Bina Nusantara University, also known as BINUS University, is a private university in Indonesia. The main campus of the university is located at Kebon Jeruk, West Jakarta. Most of its campuses are located within the area of Greater Jakarta Region. It also has campuses at Bandung, Malang, and Semarang.

History

Bina Nusantara University originally evolved from a computer training institute, Modern Computer Course, which was founded on 21 October 1974. Along with the development, the Modern Computer Course later developed into Computer Engineering Academy (ATK) on July 1, 1981. The academy offers informatics and informatics management education. Three years later on 13 July 1984 ATK achieved registered status and the name changed to AMIK Jakarta. On July 1, 1985, AMIK opened a course in accounting computerization. AMIK began to use the name Bina Nusantara on 21 September 1985.

AMIK was awarded the best computer academy award from the Ministry of Education and Culture on March 17, 1986. AMIK Bina Nusantara then formed STMIK (College of Informatics and Computer Management) Bina Nusantara on July 1, 1986. The institute then offered undergraduate study programs (S1) in informatics management and informatics engineering.

On November 9, 1987, AMIK Bina Nusantara joined STMIK Bina Nusantara to form an educational institution offering a diploma study program (D3) and strata 1 (S1). STMIK Bina Nusantara gained an equal status for all courses on March 18, 1992. STMIK Bina Nusantara then opened a postgraduate program of information systems management, first in Indonesia on May 10, 1993.

Bina Nusantara University was established on August 8, 1996. STMIK Bina Nusantara then joined Bina Nusantara University on December 20, 1998. Currently, Bina Nusantara University has educational programs: School of Information Systems, School of Informatics Engineering, Faculty of Engineering, School of Business and Management, Faculty of Economics and Communication, School of Design, Faculty of Humanities, Master of Informatics Engineering, Master of Information Systems Management, Master of Business Management, and Doctoral of Management Research.

On October 23, 2014, Binus University launched its new campus by holding a grand launching of Binus University in Alam Sutera, Serpong, South Tangerang.  The new campus is a 22-floor building and applies the concept of a green campus, environmentally friendly building with the use of energy-saving facilities. A campus area of 25 thousand square meters was designed by Indonesian architects, namely Budiman. The A campus has four main courses. The four are computer science, school of design, school business and management, and information systems.

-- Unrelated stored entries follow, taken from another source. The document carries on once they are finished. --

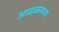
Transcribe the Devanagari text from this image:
आढळायचा
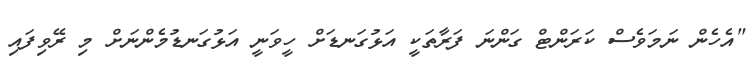
"އެހެން ނަމަވެސް ކަރަންޓް ގަންނަ ފަރާތަކީ އަޅުގަނޑަށް ހީވަނީ އަޅުގަނޑުމެންނަށް މި ރޭވިފައި
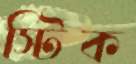
স্টিক
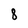
Character: 8
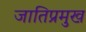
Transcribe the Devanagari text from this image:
जातिप्रमुख
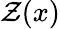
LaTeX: \mathcal{Z}(x)
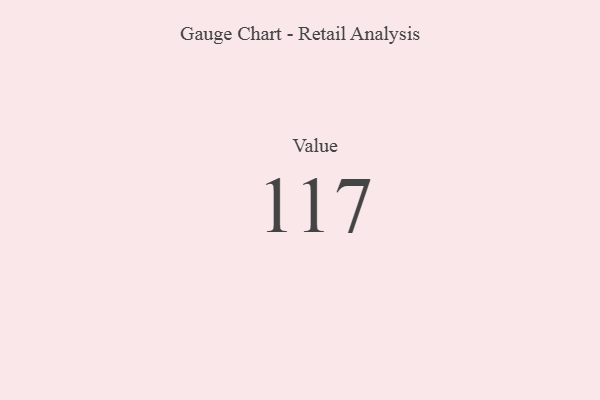
{"axis": {"x": "Metric", "y": "Value"}, "legend": [""], "data": [{"x": "Value", "y": 117, "type": ""}]}
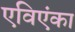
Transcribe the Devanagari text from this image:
एविएंका
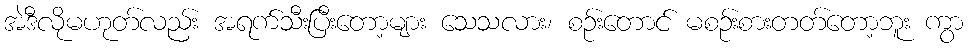
အဲဒီလိုမဟုတ်လည်း အရက်သီးပြီးတော့များ သေသလား၊ စဉ်းတောင် မစဉ်းစားတတ်တော့ဘူး ကွာ
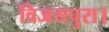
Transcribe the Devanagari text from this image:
विजयपुरा।

On April 29, 2015, Binus and PT. Summarecon Agung Tbk. signed a new campus construction agreement at Summarecon Bekasi. The campus is planned to be built on an area of 36,400 sqm at Summarecon Bekasi City Circle Road Bulevar. For the initial phase, in March 2016 Binus will open an online learning facility: BINUS UNIVERSITY LEARNING COMMUNITY (BULC) in Summarecon City Bekasi and the next stage Binus University campus will be fully operational by 2018. Now, Binus has 9 campuses in Indonesia, with all of them located in Java. 4 are located in Jakarta, while the others are located in Malang, Semarang, Bandung, Bekasi, and Tangerang.

Courses  
Bina Nusantara University has 3 types of courses: regular, international, and online.

Regular program 
There are 3 levels of regular courses provided by Bina Nusantara University: undergraduate, master and doctorate levels.

Undergraduate level  
Bina Nusantara University offers undergraduate courses with single degree and double degree programs. The undergraduate degree has 3 faculties and 4 schools:

Faculty of Economics and Communication
Faculty of Engineering
Faculty of Humanities
School of Informatics Engineering
School of Design
School of Information Systems
School of Business and Management

Master degree  
Bina Nusantara University offers master courses with a single degree and a double degree program in which students will earn two master's degrees, one from Bina Nusantara University and one from Macquarie University.

Doctorate level  
The doctoral level has only two courses: Doctor of Computer Science (DCS) and Doctoral Research in Management (DRM).

International lecture courses  
International lecture program obtains bachelor's degree from a foreign partner university of Bina Nusantara University.

Online courses
The online college program enables students to earn a bachelor's degree by studying remotely through the internet and during the corona pandemic from March 2020, students started to learn remotely most of the semesters from outside campuses of BINUS.

Cooperation with foreign universities, institutes, and associations 
Bina Nusantara cooperates with foreign universities from all around the regions for general agreement, faculty mobility, joint degree or double degree, joint research, short or summer course, students exchange, study abroad, and other activities.